G7 Foreign Ministers speak while Biden stays behind – POLITICO

LONDON – G7 foreign ministers agreed on the need for a joint approach to prevent a humanitarian crisis in Afghanistan, even as the United States seemed reluctant to engage with allies following its withdrawal from the country.

UK Foreign Secretary Dominic Raab chaired a video call with his counterparts from the grouping of the world’s richest nations on Thursday, in which they resolved to cooperate in an effort to provide aid and prevent further loss of life.

No specific measures were announced and no update was given on plans for a call between G7 leaders next week.

A British government official claimed that the United States had to be “forced” to accept the call after largely ignoring attempts by the allies to discuss Afghanistan over the past weeks led by France and the United Kingdom, which currently occupies the G7 presidency.

A senior conservative wondered why the call from the leaders was taking so long and said, “Why next week?
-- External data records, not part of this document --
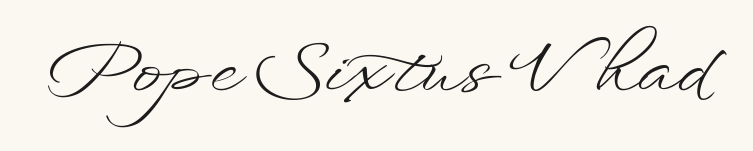
Q: Is the text bold? A: No.
Q: Is the text italic (slanted)? A: Yes.
Q: Is the text underlined? A: No.
Q: Is the spacing between letters normal or unusually wide? A: Normal.
Q: Width (condensed, normal, or wide)? A: Wide.
Q: Stroke contrast? A: Low.
Q: x-height? A: Small.
Q: Monospaced? A: No.
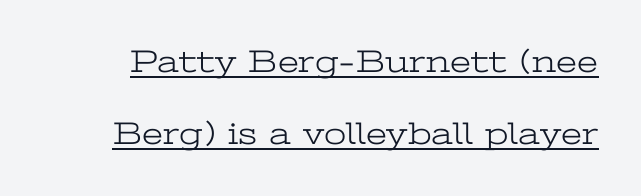
The image shows 32 px light, wide serif type, upright; set loose line spacing (2.26x), normal letter spacing, underlined; low stroke contrast and a medium x-height.
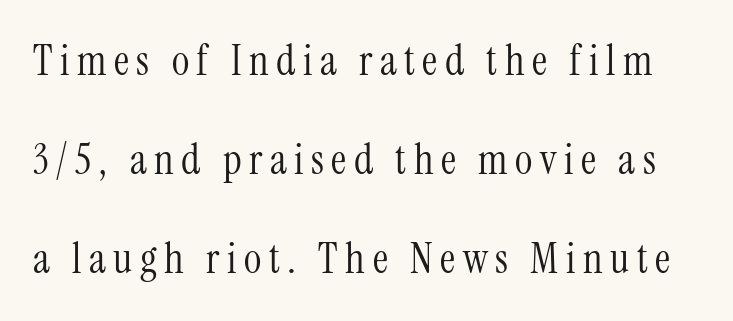
Q: Is the text bold? A: No.
Q: Is the text italic (slanted)? A: No, it is upright.
Q: Is the typeface a serif or a sans-serif typeface? A: Serif.
Q: Is the text underlined? A: No.
Q: Is the spacing between lines tight, normal or loose? A: Loose.
Q: Width (condensed, normal, or wide)? A: Condensed.
Q: Stroke contrast? A: Medium.
Q: x-height? A: Medium.
Q: Monospaced? A: No.
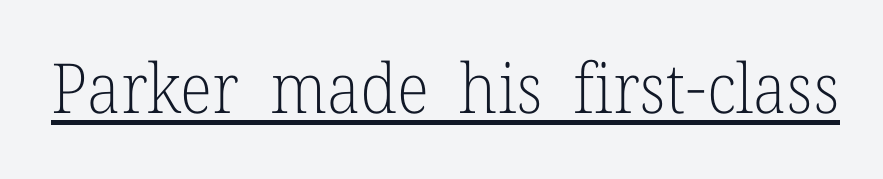
The image shows 69 px light serif type, upright; set normal letter spacing, underlined; low stroke contrast and a medium x-height.

It’s not that this isn’t an emergency and frankly, it should have happened by now. “

The former Conservative minister said the time between the fall of Kabul and the phone call between Boris Johnson and Joe Biden on Tuesday was a sign of strained relations between the United Kingdom and the United States, adding that it would have been “inconceivable” under previous administrations. , including that of Donald Trump.

A British diplomat argued that Washington’s silence said less about Joe Biden’s indifference to the UK and more about “Biden trying to downplay everything to the American public and consequently avoid many calls to foreign leaders.”

Aside from Johnson, the only other foreign leader Biden has spoken to since Sunday is Germany’s Angela Merkel.

In the same period, Johnson has spoken with Merkel, the French Emmanuel Macron, the Italian Mario Draghi, the Pakistani Imran Khan, the Australian Scott Morrison, the Secretary General of NATO, Jens Stoltenberg, and the UN Secretary, Antonio Guterres.

In recent days, the prime minister has stressed the need for a common position on whether to recognize the Taliban regime. His most outspoken difference in Biden’s stance has been his comments on the Afghan army, paying tribute to his “bravery and sacrifice” in a statement from the House of Commons On Wednesday.

Raab chaired Thursday’s virtual meeting of G7 foreign ministers as he came under significant pressure for failing to call his Afghan counterpart on Saturday during the holidays despite pleas from his department officials.

A spokesman for the Foreign Ministry said: “The Foreign Secretary participated in a series of other calls and this was delegated to another minister,” in response to the story in the Daily mail.

The Labor Party called on Raab to resign, but Conservatives said it is unlikely.

A cabinet minister commented: “He’s safe … the prime minister really qualifies him,” while several MPs said Raab’s vacation had not generated anything close to the same level of anger as the former health secretary. The Matt Hancock Affair.

Alex Wickham and Emilio Casalicchio contributed reporting.